Task material.
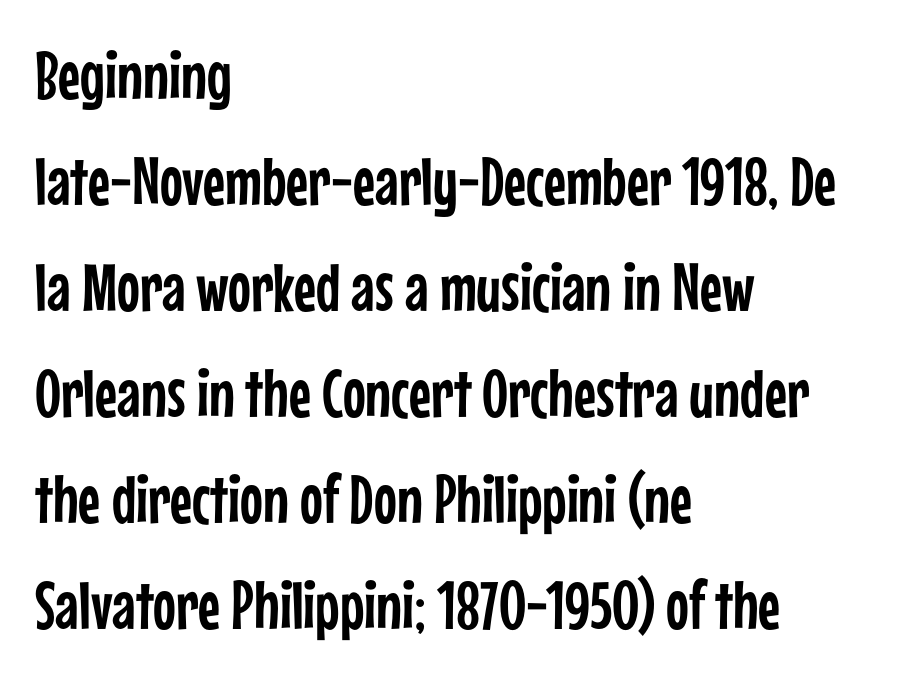
Q: Is the text italic (slanted)? A: No, it is upright.
Q: Is the typeface a serif or a sans-serif typeface? A: Sans-serif.
Q: Is the text underlined? A: No.
Q: How is the paragraph aligned? A: Left-aligned.
Q: Is the spacing between letters normal or unusually wide? A: Normal.
Q: Is the spacing between lines tight, normal or loose? A: Normal.
Q: Width (condensed, normal, or wide)? A: Condensed.
Q: Stroke contrast? A: Low.
Q: x-height? A: Medium.
Q: Monospaced? A: No.
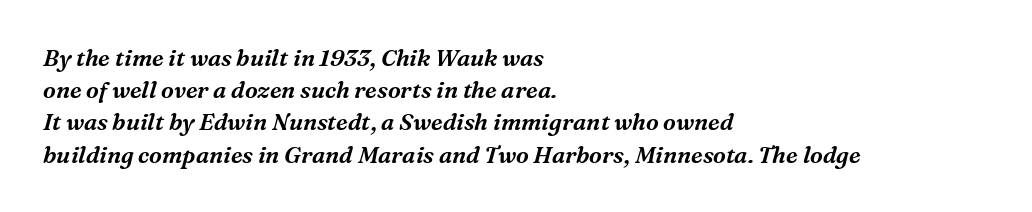
What stands out about the letter spacing? Nothing — it is the standard amount. Alignment: flush left. It's the slanting kind of type. The specimen omits any rule beneath the text block's lines. Line spacing here is normal.
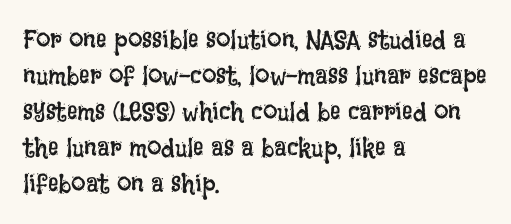
Q: Is the text bold? A: No.
Q: Is the text italic (slanted)? A: No, it is upright.
Q: Is the text underlined? A: No.
Q: How is the paragraph aligned? A: Left-aligned.
Q: Is the spacing between letters normal or unusually wide? A: Normal.
Q: Is the spacing between lines tight, normal or loose? A: Normal.
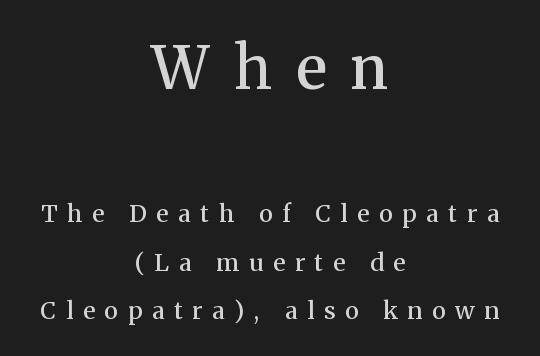
{"serif": "yes", "italic": "no", "bold": "semi", "weight": "semibold", "width": "normal", "stroke_contrast": "medium", "x_height": "medium", "monospaced": "no", "underline": "no", "align": "center", "line_spacing": "loose", "line_spacing_ratio": 2.02, "letter_spacing": "wide", "letter_spacing_em": 0.41, "larger_block": "first", "size_ratio": 2.5, "glyph_px": 60}
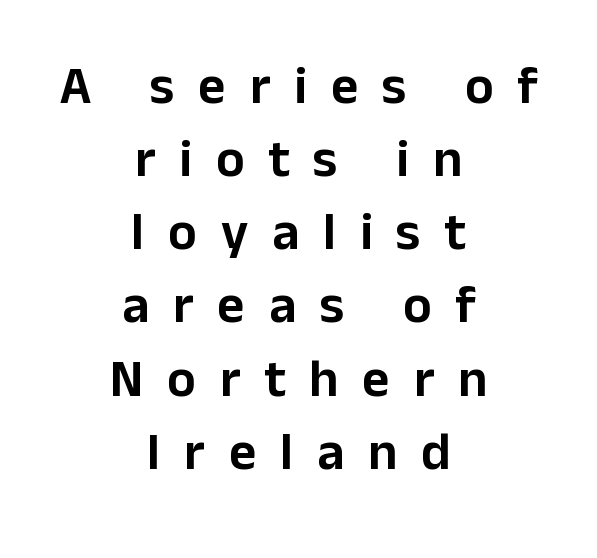
The image shows 53 px sans-serif type, upright; set centered, normal line spacing (1.38x), unusually wide letter spacing (+0.45 em), not underlined; low stroke contrast and a medium x-height.
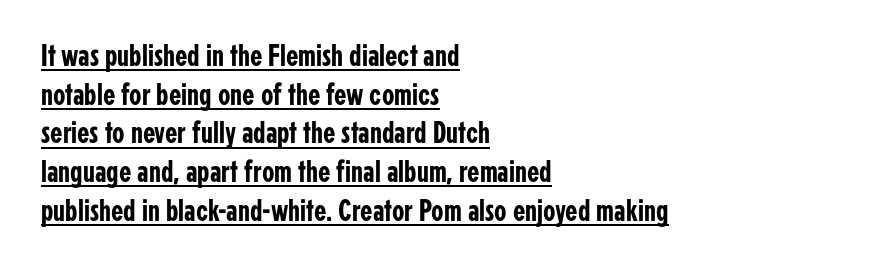
The image shows 32 px condensed sans-serif type, upright; set left-aligned, line spacing 1.21x, normal letter spacing, underlined; low stroke contrast and a medium x-height.
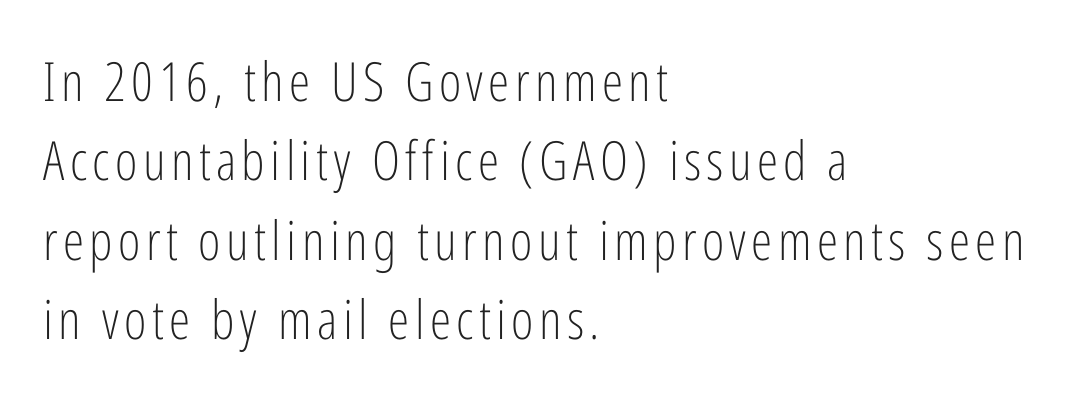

Task item.
Lines from the records above that hold "shows" are the ones to list.

Solution.
The image shows 53 px sans-serif type, upright; set centered, normal line spacing (1.38x), unusually wide letter spacing (+0.45 em), not underlined; low stroke contrast and a medium x-height.
The image shows 32 px condensed sans-serif type, upright; set left-aligned, line spacing 1.21x, normal letter spacing, underlined; low stroke contrast and a medium x-height.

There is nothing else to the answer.